Segment Start: ENTRIES SUPPLIED
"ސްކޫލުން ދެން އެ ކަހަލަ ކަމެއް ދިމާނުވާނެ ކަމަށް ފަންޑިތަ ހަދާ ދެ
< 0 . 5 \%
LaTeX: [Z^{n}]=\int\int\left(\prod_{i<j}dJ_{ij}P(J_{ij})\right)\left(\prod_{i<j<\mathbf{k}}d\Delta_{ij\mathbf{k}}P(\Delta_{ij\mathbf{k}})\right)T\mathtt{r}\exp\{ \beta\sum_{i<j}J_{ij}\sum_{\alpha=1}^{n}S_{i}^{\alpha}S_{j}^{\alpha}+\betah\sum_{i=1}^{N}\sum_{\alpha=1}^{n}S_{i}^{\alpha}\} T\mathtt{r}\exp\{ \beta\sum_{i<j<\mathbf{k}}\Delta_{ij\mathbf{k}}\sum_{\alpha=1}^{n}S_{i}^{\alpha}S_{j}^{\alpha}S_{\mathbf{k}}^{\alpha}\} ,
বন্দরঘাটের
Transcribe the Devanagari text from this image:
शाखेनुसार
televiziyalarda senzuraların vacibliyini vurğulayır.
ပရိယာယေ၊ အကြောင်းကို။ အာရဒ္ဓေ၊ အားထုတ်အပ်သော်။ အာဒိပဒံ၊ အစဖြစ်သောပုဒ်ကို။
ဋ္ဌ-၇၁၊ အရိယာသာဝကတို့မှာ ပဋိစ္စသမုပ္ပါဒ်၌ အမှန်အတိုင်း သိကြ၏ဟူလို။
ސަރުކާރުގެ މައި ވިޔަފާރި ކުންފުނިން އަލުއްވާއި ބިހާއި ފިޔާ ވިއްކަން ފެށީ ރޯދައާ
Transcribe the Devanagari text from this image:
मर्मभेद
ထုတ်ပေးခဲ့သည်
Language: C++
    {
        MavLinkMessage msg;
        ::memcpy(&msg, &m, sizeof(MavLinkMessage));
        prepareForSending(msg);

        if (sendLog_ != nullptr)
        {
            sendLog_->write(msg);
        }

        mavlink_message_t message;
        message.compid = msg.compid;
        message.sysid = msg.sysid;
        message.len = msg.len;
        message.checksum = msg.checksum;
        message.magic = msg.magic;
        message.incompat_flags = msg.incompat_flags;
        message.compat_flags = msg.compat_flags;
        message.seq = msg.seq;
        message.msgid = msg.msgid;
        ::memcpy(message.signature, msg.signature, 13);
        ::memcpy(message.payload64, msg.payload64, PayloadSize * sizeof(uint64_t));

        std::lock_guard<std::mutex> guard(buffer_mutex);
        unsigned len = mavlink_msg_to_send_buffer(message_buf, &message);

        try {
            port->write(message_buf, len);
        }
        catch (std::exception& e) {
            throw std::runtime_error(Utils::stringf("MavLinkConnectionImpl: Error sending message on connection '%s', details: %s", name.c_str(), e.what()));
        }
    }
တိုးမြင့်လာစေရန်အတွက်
Segment End: ENTRIES SUPPLIED
◆ WHAT IS BEING ASKED
All entries above are to be reproduced exactly.

◆ OUTPUT
"ސްކޫލުން ދެން އެ ކަހަލަ ކަމެއް ދިމާނުވާނެ ކަމަށް ފަންޑިތަ ހަދާ ދެ
< 0 . 5 \%
LaTeX: [Z^{n}]=\int\int\left(\prod_{i<j}dJ_{ij}P(J_{ij})\right)\left(\prod_{i<j<\mathbf{k}}d\Delta_{ij\mathbf{k}}P(\Delta_{ij\mathbf{k}})\right)T\mathtt{r}\exp\{ \beta\sum_{i<j}J_{ij}\sum_{\alpha=1}^{n}S_{i}^{\alpha}S_{j}^{\alpha}+\betah\sum_{i=1}^{N}\sum_{\alpha=1}^{n}S_{i}^{\alpha}\} T\mathtt{r}\exp\{ \beta\sum_{i<j<\mathbf{k}}\Delta_{ij\mathbf{k}}\sum_{\alpha=1}^{n}S_{i}^{\alpha}S_{j}^{\alpha}S_{\mathbf{k}}^{\alpha}\} ,
বন্দরঘাটের
Transcribe the Devanagari text from this image:
शाखेनुसार
televiziyalarda senzuraların vacibliyini vurğulayır.
ပရိယာယေ၊ အကြောင်းကို။ အာရဒ္ဓေ၊ အားထုတ်အပ်သော်။ အာဒိပဒံ၊ အစဖြစ်သောပုဒ်ကို။
ဋ္ဌ-၇၁၊ အရိယာသာဝကတို့မှာ ပဋိစ္စသမုပ္ပါဒ်၌ အမှန်အတိုင်း သိကြ၏ဟူလို။
ސަރުކާރުގެ މައި ވިޔަފާރި ކުންފުނިން އަލުއްވާއި ބިހާއި ފިޔާ ވިއްކަން ފެށީ ރޯދައާ
Transcribe the Devanagari text from this image:
मर्मभेद
ထုတ်ပေးခဲ့သည်
Language: C++
    {
        MavLinkMessage msg;
        ::memcpy(&msg, &m, sizeof(MavLinkMessage));
        prepareForSending(msg);

        if (sendLog_ != nullptr)
        {
            sendLog_->write(msg);
        }

        mavlink_message_t message;
        message.compid = msg.compid;
        message.sysid = msg.sysid;
        message.len = msg.len;
        message.checksum = msg.checksum;
        message.magic = msg.magic;
        message.incompat_flags = msg.incompat_flags;
        message.compat_flags = msg.compat_flags;
        message.seq = msg.seq;
        message.msgid = msg.msgid;
        ::memcpy(message.signature, msg.signature, 13);
        ::memcpy(message.payload64, msg.payload64, PayloadSize * sizeof(uint64_t));

        std::lock_guard<std::mutex> guard(buffer_mutex);
        unsigned len = mavlink_msg_to_send_buffer(message_buf, &message);

        try {
            port->write(message_buf, len);
        }
        catch (std::exception& e) {
            throw std::runtime_error(Utils::stringf("MavLinkConnectionImpl: Error sending message on connection '%s', details: %s", name.c_str(), e.what()));
        }
    }
တိုးမြင့်လာစေရန်အတွက်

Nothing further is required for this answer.